WINDHOEK - The Namibian Civil Society Organisations (CSO) remained mostly dormant during the last two years due to a decrease in donour funding, a report by the Institute for Public Policy Research (IPPR) launched on Wednesday stated.
According to the report, which focused mainly on 2017, the sustainability of the Namibian Civil Society declined significantly during 2017. It further said the financial viability of CSOs worsened considerably as foreign donours continued to withdraw.
CSOs’ organisational capacity, service provision, and infrastructure also declined as a result of deepening financial problems,” the reports revealed, continuing that despite these challenges, advocacy by CSOs gained prominence, thanks in part to an increase in lobbying on access to information and whistleblower protection, as well as the emergence of social media movements such as the Landless People’s Movement and the Affirmative Repositioning.
The report, however, indicates that the public image of CSOs did not change much in 2017. According to the report, the Namibia Institute for Democracy (NID) reported in 2015 that 568 CSOs existed in Namibia – and of these, about 10 percent were strongly established organisations, whereby approximately half of them worked in the fields of healthcare and HIV/AIDS, while at least 10 percent were active in economic and social justice, democracy, governance, and human rights.
The report further stated that since 2015, there has been no formal survey of civil society to establish the overall number of CSOs or identify the sectors in which they work. “However, at the end of 2017, the IPPR identified sixty active CSOs in the Windhoek area, able to contribute consultations involving the African Peer Review Mechanism,” the report stated.
The report further stated that the largest sectors are democracy and human rights sectors, labour sector (including trade unions), as well as healthcare and HIV/AIDS sectors. There appears to be very few CSOs outside the capital, even though there has not been a survey that was conducted to verify this.

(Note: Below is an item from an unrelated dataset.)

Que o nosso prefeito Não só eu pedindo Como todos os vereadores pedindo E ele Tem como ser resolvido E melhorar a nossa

The report further said that the legal environment for CSOs deteriorated in 2017, as the government failed to withdraw or amend Namibia’s “draconian” research law, increased restrictions on work visas for foreign experts, and failed to repeal the apartheid era Protection of Information Act.
With regards to the organisational capacity of CSOs, the report said that it deteriorated in 2017, mainly because of the closure of capacity-building organisations and constraints caused by persistent funding problems. “Several leading-capacity building organisations were either defunct or temporarily inactive in 2017,” the report said.

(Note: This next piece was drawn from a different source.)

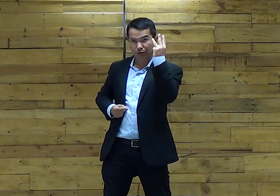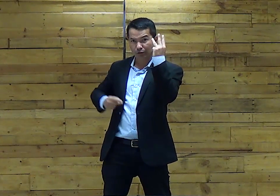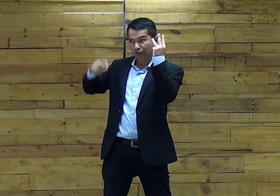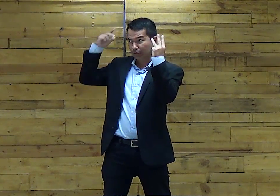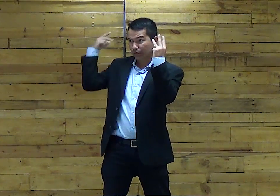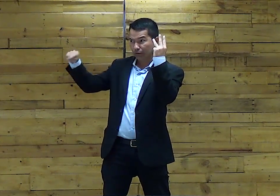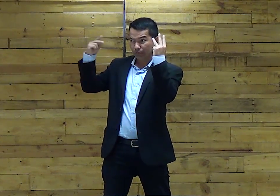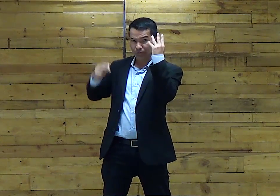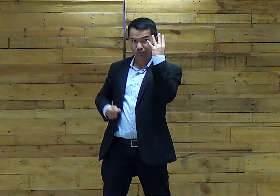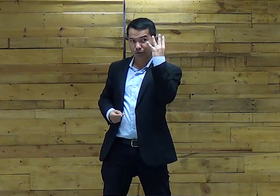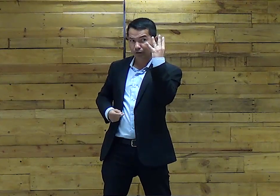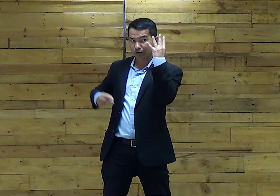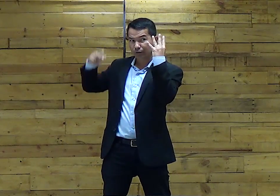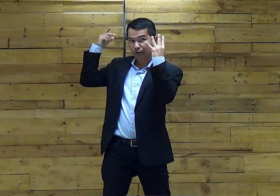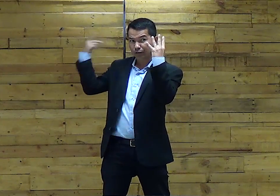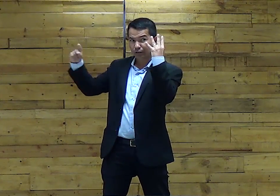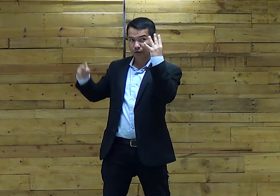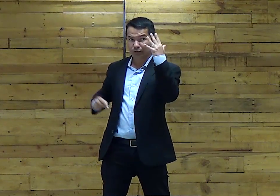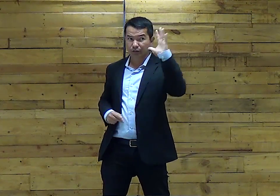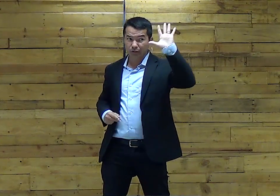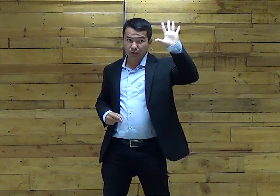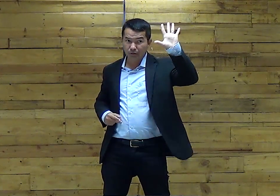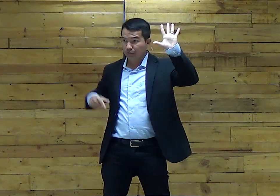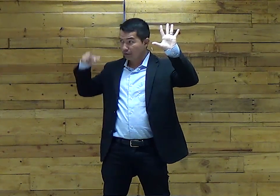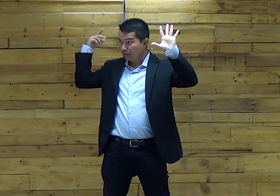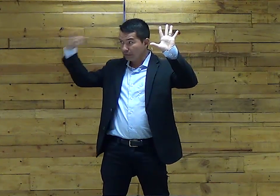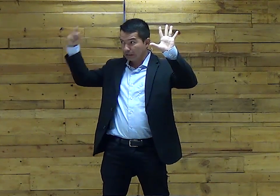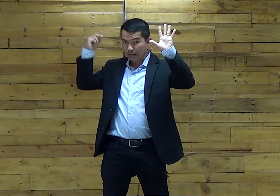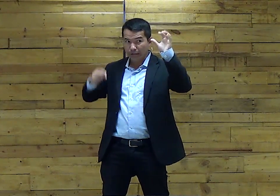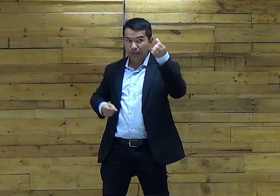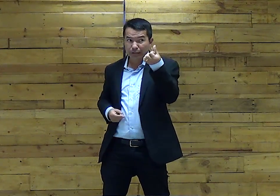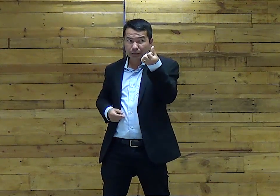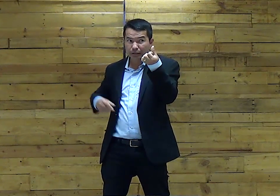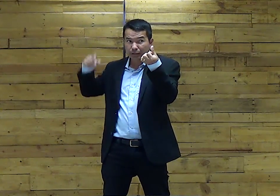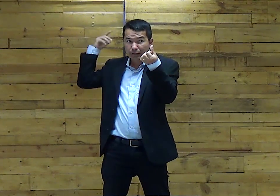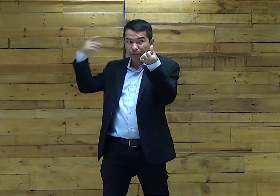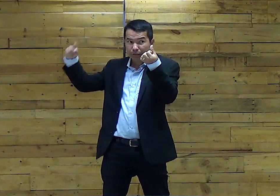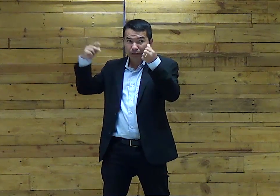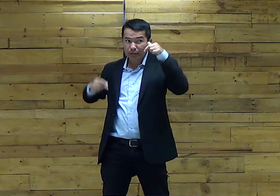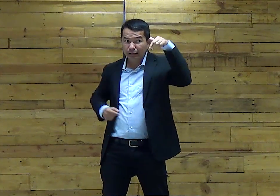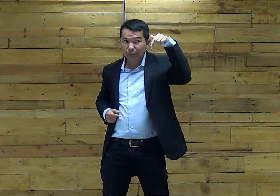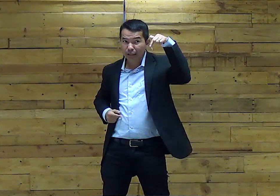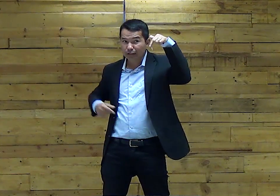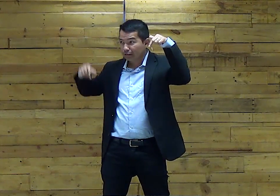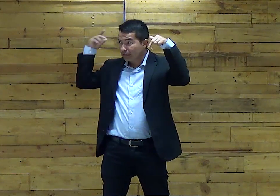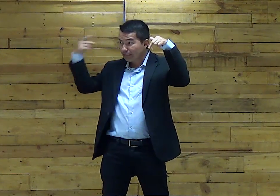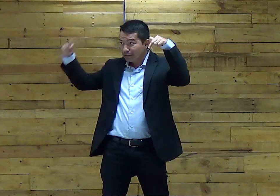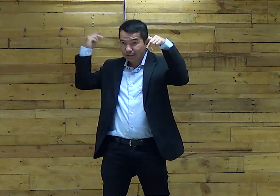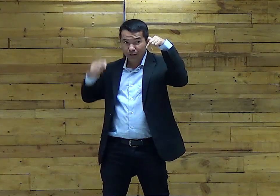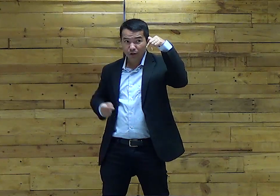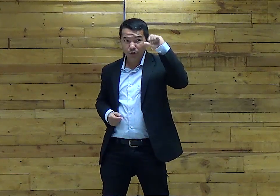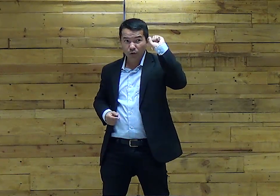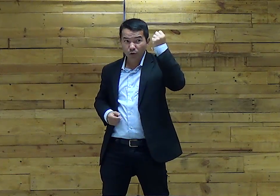pragas Três Quatro Cinco pragas Seis Sete pragas

For example, the main umbrella body for CSOs, the Namibian Non-Governmental Organisations Forum (NANGOF) Trust, has been mostly dormant since its funding wound in 2016; thus, it did not offer capacity-building support in 2017, according to the report. Similarly, the training program on CSO management, offered by the Namibia Institute for Democracy, came to a halt when the institute temporarily closed down during the year, it was stated.
“Compounding this difficulty was the tendency of donors and international CSOs to overlook the needs of Namibian CSOs for capacity-building support,” the report stated. For example, some international organisations competed for funds with domestic organisations and organised activities in the areas in which established Namibian CSOs already operated, effectively undermining their work. Since these international organisations receive technical support and funding for overhead costs from their head offices, they are better resourced than local CSOs – and thus, more credible to donors.
As a result, the report added, Namibian CSOs must increasingly rely on funding for short-term projects, which does not usually include allowances for operating expenses such as rent and utilities. The net result for Namibian CSOs, the report said, is unreliable incomes, staffing uncertainties, and management and oversight problems.